As physicians, it is important to understand this predisposition so that you can better prepare patients for certain procedures, interventions, and health behaviors. There is actually an evolutionary basis to loss aversion bias. We are wired to avoid losses more than to seek gains because we are more likely to stay alive and reproduce if we perceive threats (losses) as more urgent than rewards. Therefore, patients will often make decisions based on the perceived negative risks or outcomes without giving sufficient weight to the potential benefits and/or risks of NOT pursuing a certain course of action.
Consider this example: A 67-year-old male has refused a colonoscopy because he read on the internet that it could cause bowel perforation. When asked why he will not have a screening colonoscopy, he states, “they tear people’s bowels open.” His bias towards loss aversion cause him to believe that the risks of the procedure far outweigh the benefits. The more someone perceives a potential loss (to life, limb, or in this case, bowel), the greater the loss aversion.

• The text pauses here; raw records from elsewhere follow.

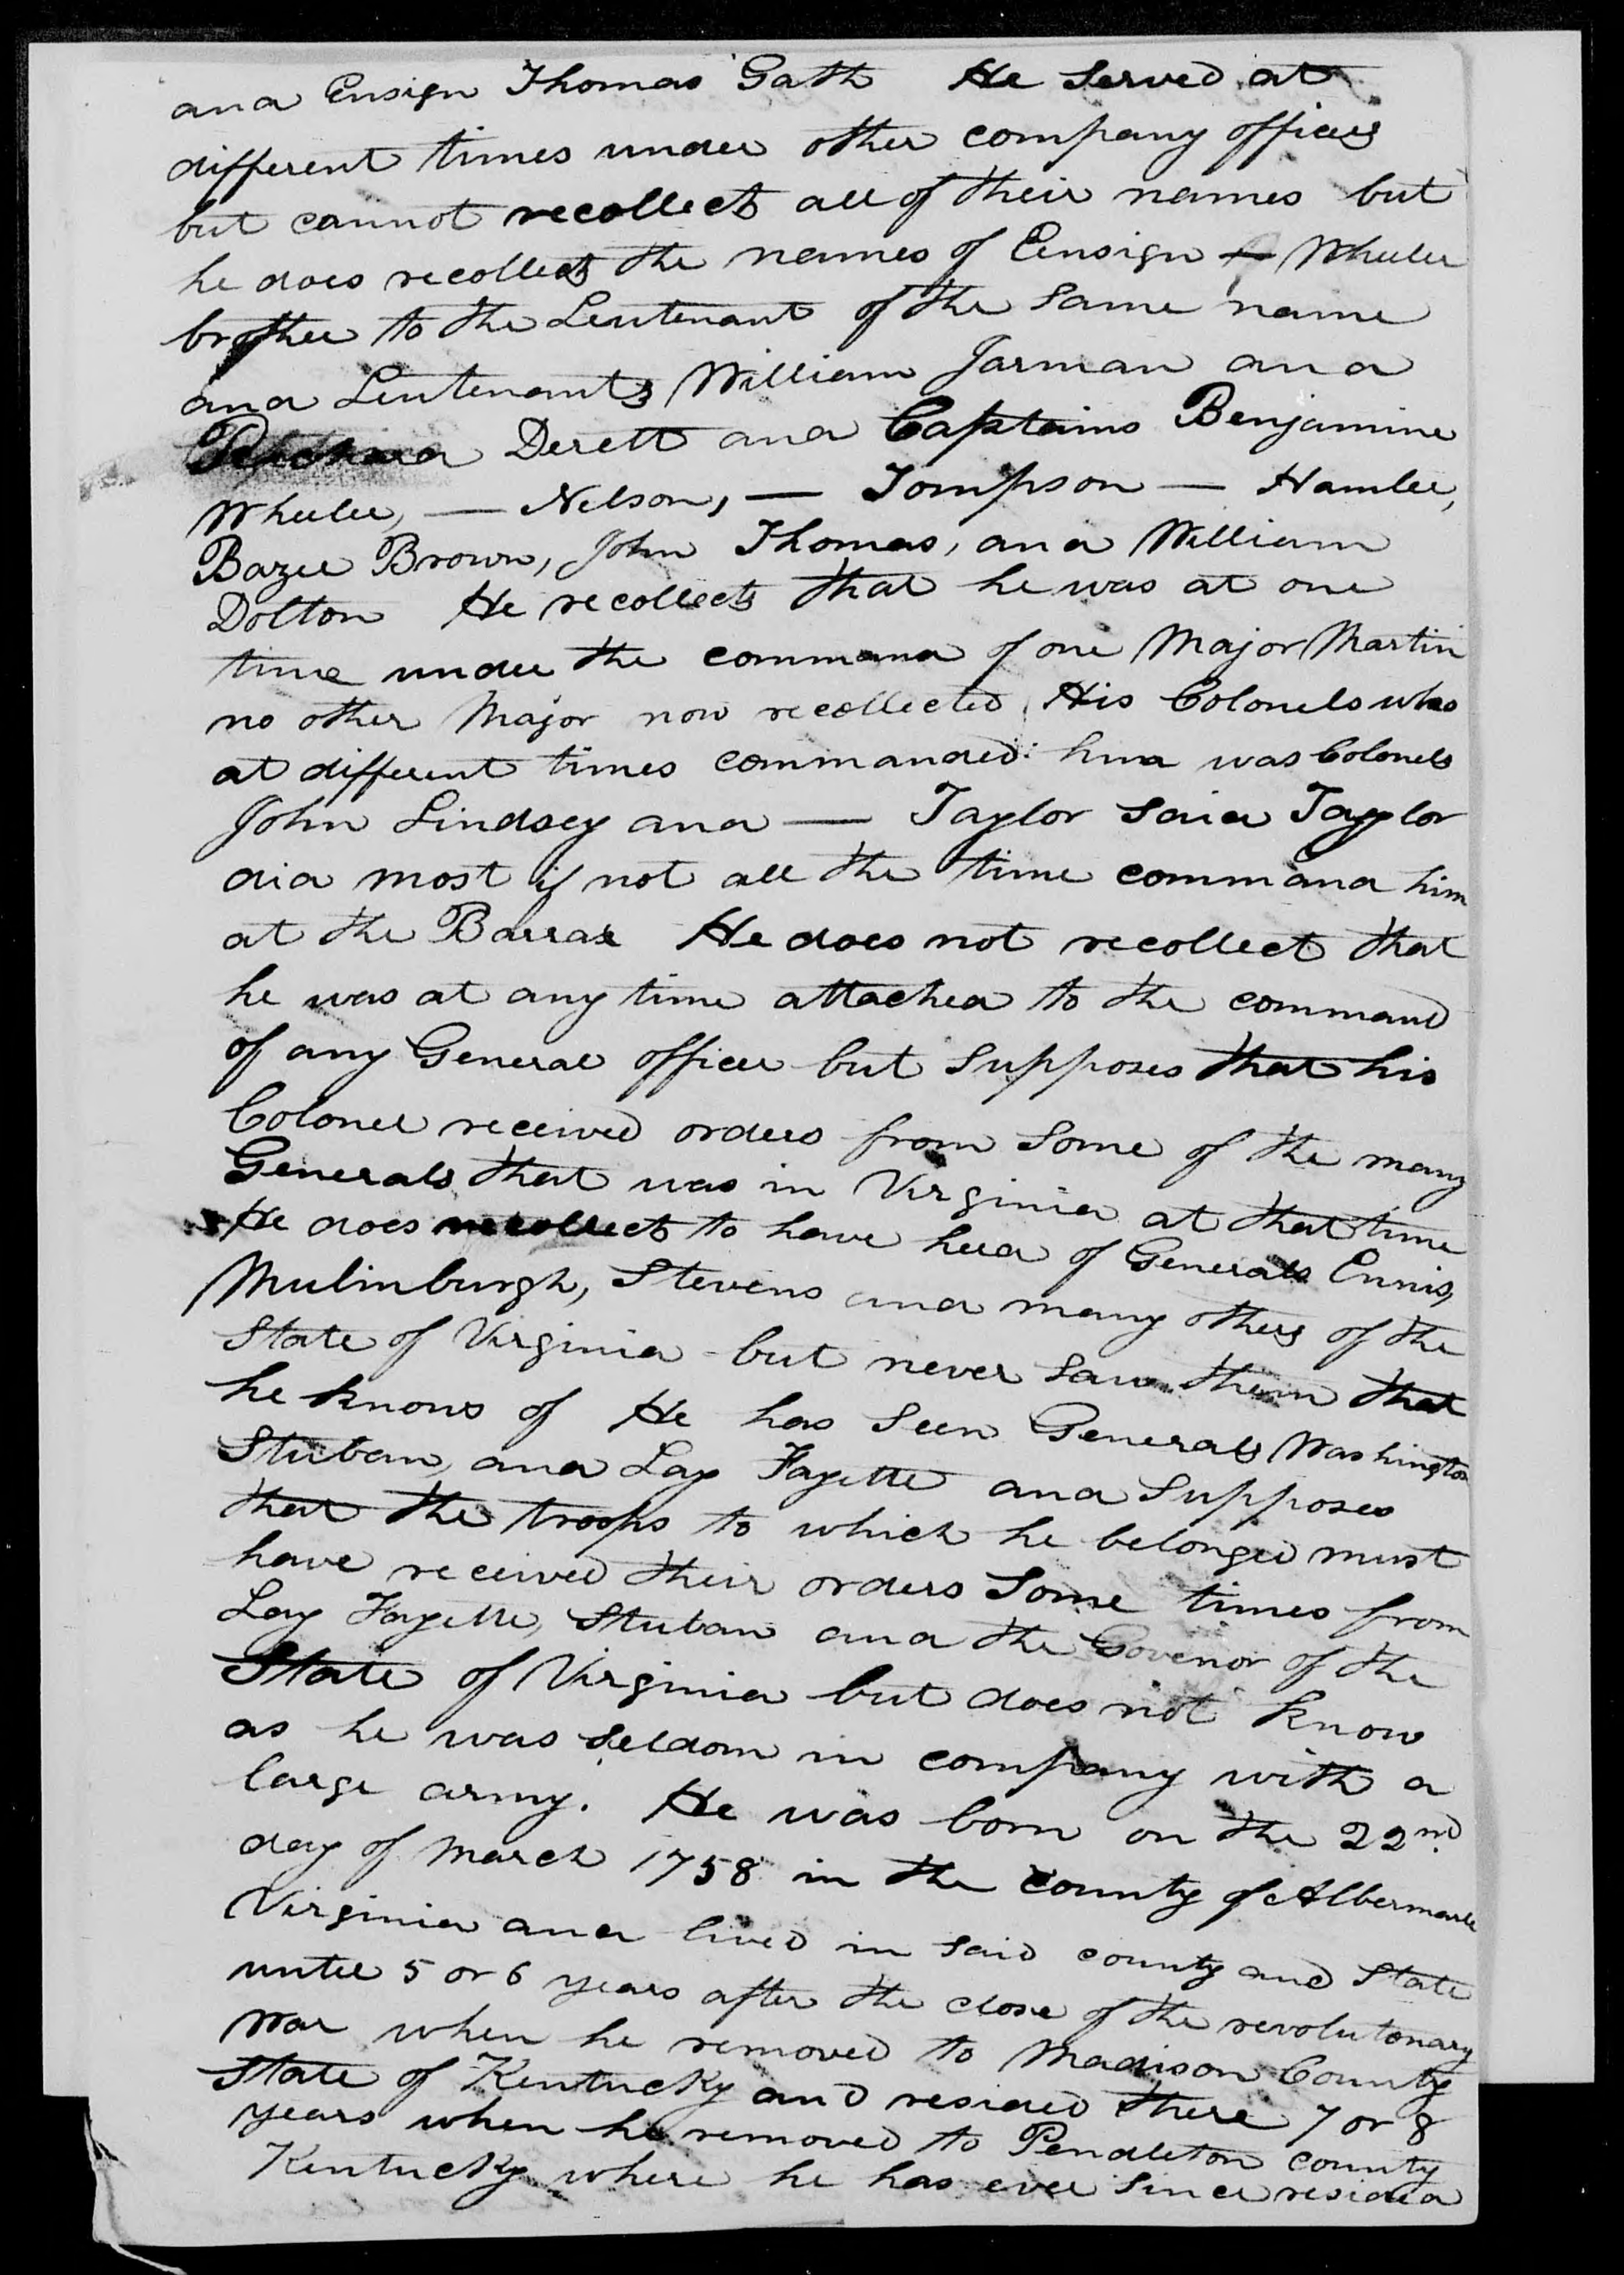and Ensign Thomas Gath He served at
different times under other company officers
but cannot recollect all of their names but
he does recollect the names of Ensign Wheeler
brother to the Leutenant of the same name
and Liutenant William Jarman and
[illegible]Derett and Captains Benjamin
Wheeler, Nelson, - Tompson - Hamler
Bazie Brown, John Thomas and William
Dolton He recollects that he was at one
time under the command of one Major Martin
no other major now recollected His Colonels who
at different times commanded him was Colonels
John Lindsey and Taylor said Taylor
did most if not all the time command him
at the Barras[barracks?] He does not recollect that
he was at any time attached to the command
of any General officer but supposes that his
Colonel received orders from some of the many
Generals that was in Virginia at that time
He does recollect to have herd of Generals Ennis, 
Mulinburgh, Stevens and many others of the
State of Virginia but never saw them that
he knows of He has Seen General Washington
Steuben, and LaFayette and Supposes
that the troops to which he belonged must ┃
have received their orders some times from
LaFayette Stuban and the Govenor of the
State of Virginia but does not know
as he was seldom in company with a
large army. He was born on the 22nd
day of March 1758 in the County of Albermarle
Virginia and lived in said County and State
until 5 or 6 years after the close of the revolutionary
war when he removed to Madison County
State of Kentucky and resided there for 7 or 8 
years when he removed to Pendleton County
Kentucky where he has ever since resided

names: [BLANK] Hamler; [BLANK] Washington; [BLANK] Taylor; [BLANK] Martin; Peter Derett; John Lindsey; [BLANK] Wheeler; [BLANK] Sterban; William Dolton; Lay Fayette; [BLANK] Nelson; [BLANK] Ennis; Bazel Brown; William Jarman; [BLANK] Tompson; Thomas Gath; John Thomas; [BLANK] Stevens; Benjamine Wheeler
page: 5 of 34
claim: survivor's
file: S. 30608, for Gabrel Mullins, Virginia

Loss aversion and the “framing effect” often work together and can get activated depending upon how information is framed. Our brains respond fairly quickly to emotion, thus, language that conveys emotion will get people’s attention. And if people hear words that have a negative connotation – “bad news,” “cancer,” “death,” “fatal,” “complications” – they pay even more attention to those words.
I am not suggesting that we avoid giving patients all the relevant information. What I am suggesting is that physicians be aware that the way in which information is presented has a strong influence on risk perception. When patients are told the potential risks and benefits of various treatment options, their ability to rationally reflect can be impacted (often unconsciously) by various factors. For example, there is the impact of associative memory – “my grandmother died during surgery.”
If you think that physicians are immune to these effects, consider this experiment done at Harvard Medical School. Subjects (all physicians) were presented with treatment outcome statistics for surgery versus radiation for lung cancer. Half of the subjects were provided with survival rate statistics of surgery (the one-month survival rate is 50 percent), while the other half received statistics on mortality rate of surgery (there is 10 percent mortality in the first month). The physicians were more likely to recommend the treatment associated with the survival rate statistics than the treatment associated with the mortality rate statistics (84 percent chose surgery while only 50 percent chose radiation). This experiment demonstrates that emotional words – “mortality” and “survival” – are enough to sway our rational decision-making.
The typical approach that physicians make when presenting treatment options is to present the risks of treatment alongside the benefits of treatment. When patients hear the potential risks of a procedure or treatment, the degree to which their aversion to risk is prominent will cause the risks to carry more weight than the benefits. This can lead to less effective treatment choices. As a physician, your awareness of this tendency can guide how you present information to patients so that they are more likely to engage their rational decision-making processes.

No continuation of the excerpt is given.